Some of those who weren't bed/house bound did ok (see thread I mentioned). Unfortunately it didn't work for others. It made me a lot worse. In particular I regret dropping my B12 high dose injections. I gradually failed when I switched to the oils - without realising it, the benefit of the injections was gradually running out. I'm back on high dose b12 injections now with 4 doses of methylfolate spaced out during the day (similar to 'sustained release' I guess) and feeling much better. This requires high dose potassium too. Happily, I just got some blood tests and my kidney function is still >90 as always even after a year of high dose potassium (except for a very brief period of low dose potassium). According to my doc you can take a lot of potassium for a very long time if you have normal kidney function. I take the same mineral complex as above and magnesium too and the nature made b complex.

Btw, for anybody thinking of trying the B12 Ice, the D made me very ill (currently being tested for high vitamin D 1.25 OH which any form of D supplements will make worse). The BGroup Oil made me ill too - perhaps the high niacinamide (niacin? - whichever one is in it - it was a while ago).

The methyl oil was fine, though didn't help my B12 levels.

Having said all that - my cousin who has a straightforward B12 deficiency, caught early, finds the plain methylb12 oil works very well for her at two doses per day. The one with Adenosylcobalamin made her feel lousy - perhaps she doesn't need it for now.

I might go back to using the Ado oil with my injections. For now sublingual Ado.

Perhaps our individual responses to differing protocols depends on how much damage has been done/how long one is B12 deficient. It's hard to know for many of us, how long we've been deficient because of how some of us have elevated serum b12, even when it's not reaching our cells.
 

bigmillz

Senior Member
Messages
219
Location
NYC
To those who have gotten this to work for them, what B2 doses were you taking?

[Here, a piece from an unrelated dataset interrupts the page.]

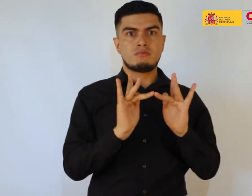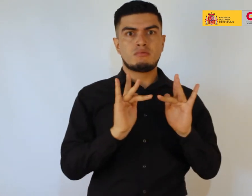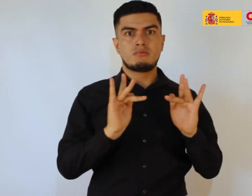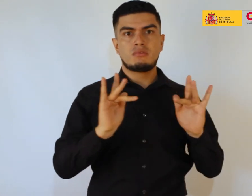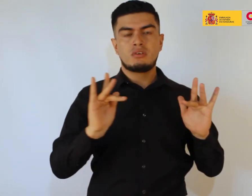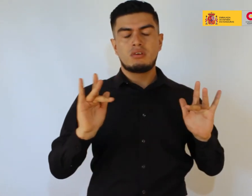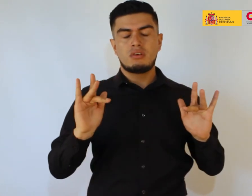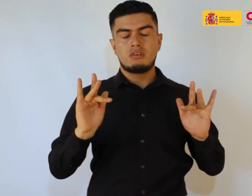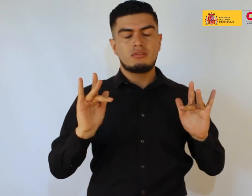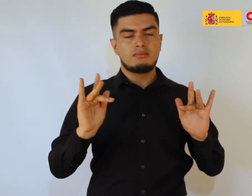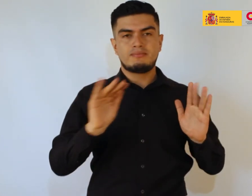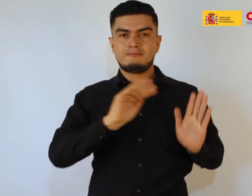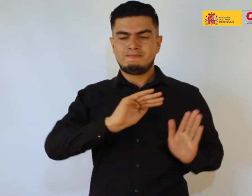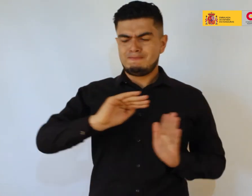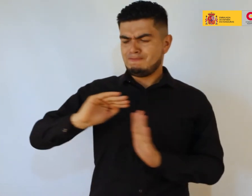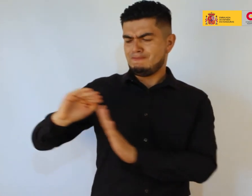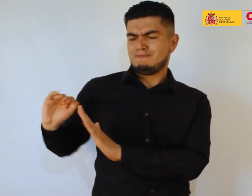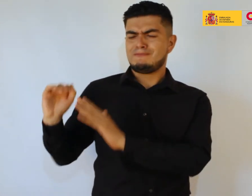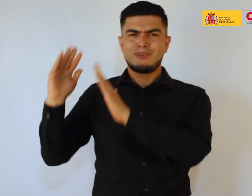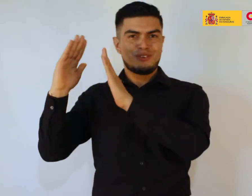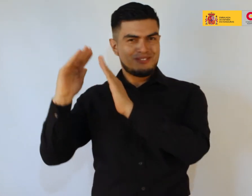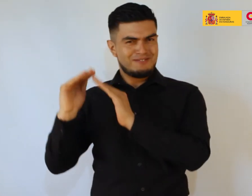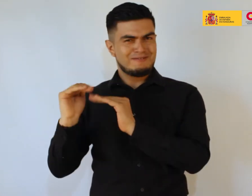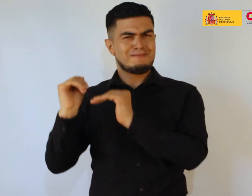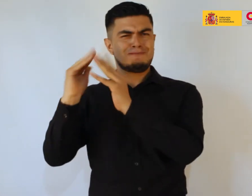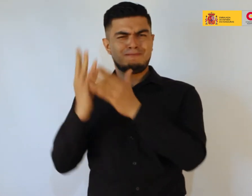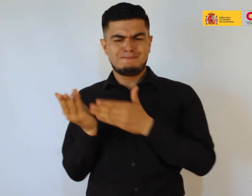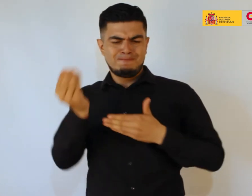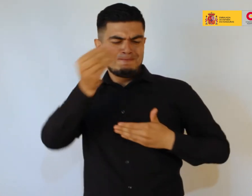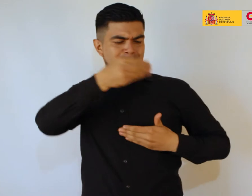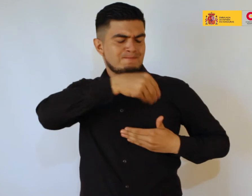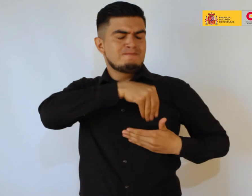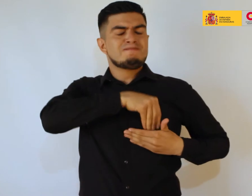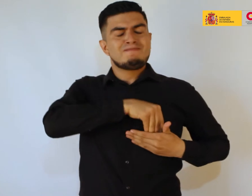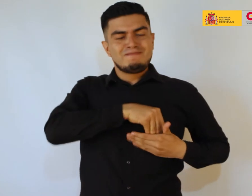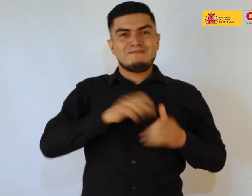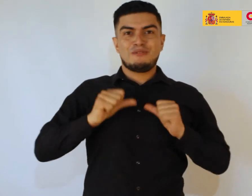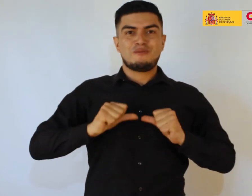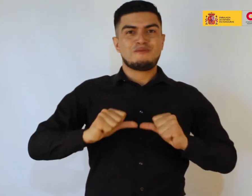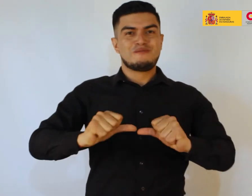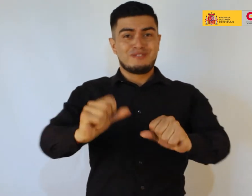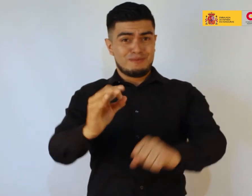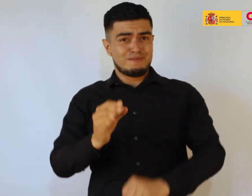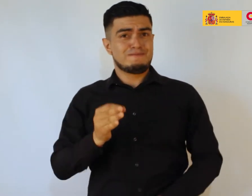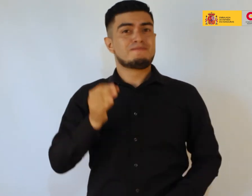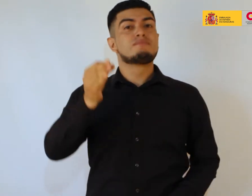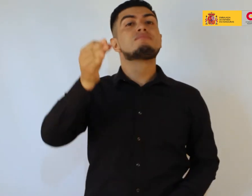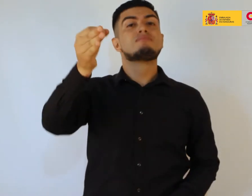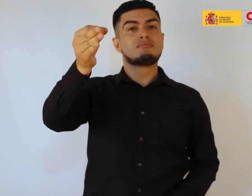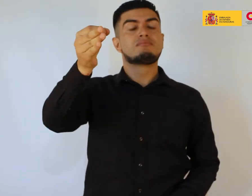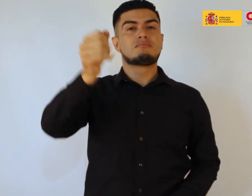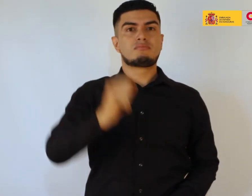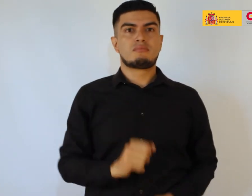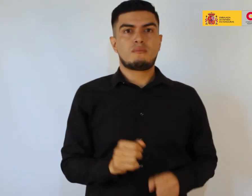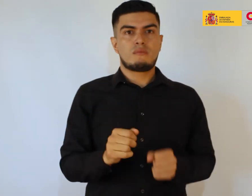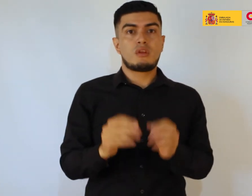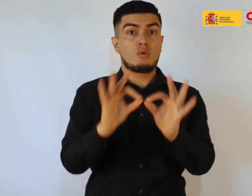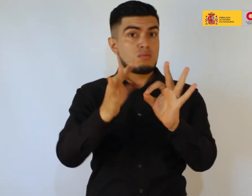sueño, y en él nos quedamos los días venideros. Fragmento de la danza de los

On day 3 of 50mg (25 and 25 split) and so far so good. I've got the 50mg Solgar B2 on the way so that I can split it up more if needed - 100mg NOW capsules are tricky for this.
 

Kathevans

Senior Member
Messages
689
Location
Boston, Massachusetts
@bigmillz I'm still working on this and have to say none of it has been easy. I've stopped and started B2 on several occasions, currently use that tiny Solgar 100mg Riboflavin tablet, which believe it or not, I open and divide into four separate doses. In two of them, which I take morning and night, I add 1/2 150- Molybdenum tablet and 1/2 22mg Zinc Pincolinate tablet, so that I get my daily doses of these. I also get another 20mg of B2 in my daily B-Complex by Seeking Health, B-Minus.

Yet at 120mg--and brielfy more--B2/day seems to be more than I need, or at least, I haven't noticed when I lower the dose to the Solgar B2 3x/day, or about 75mg and then the addition 20mg in the complex.

All said, I'm still trying to figure out Folate, and stayed off it for so long that I seem to have quite a deficiency. I'm up to about 7-8,000mcg/day and unclear where I am and whether I need more Adeno (probably) or or even more Folate (probably this, too)

All this is on a base of a Squirt of Methyl B12 Oil and other minerals. I think someone else has pointed out that the fix may not be instantaneous. For me, at any rate, things seem to have shifted over time...new needs have appeared and so forth.

Good luck!
 

bigmillz

Senior Member
Messages
219
Location
NYC
@bigmillz I'm still working on this and have to say none of it has been easy. I've stopped and started B2 on several occasions, currently use that tiny Solgar 100mg Riboflavin tablet, which believe it or not, I open and divide into four separate doses. In two of them, which I take morning and night, I add 1/2 150- Molybdenum tablet and 1/2 22mg Zinc Pincolinate tablet, so that I get my daily doses of these. I also get another 20mg of B2 in my daily B-Complex by Seeking Health, B-Minus.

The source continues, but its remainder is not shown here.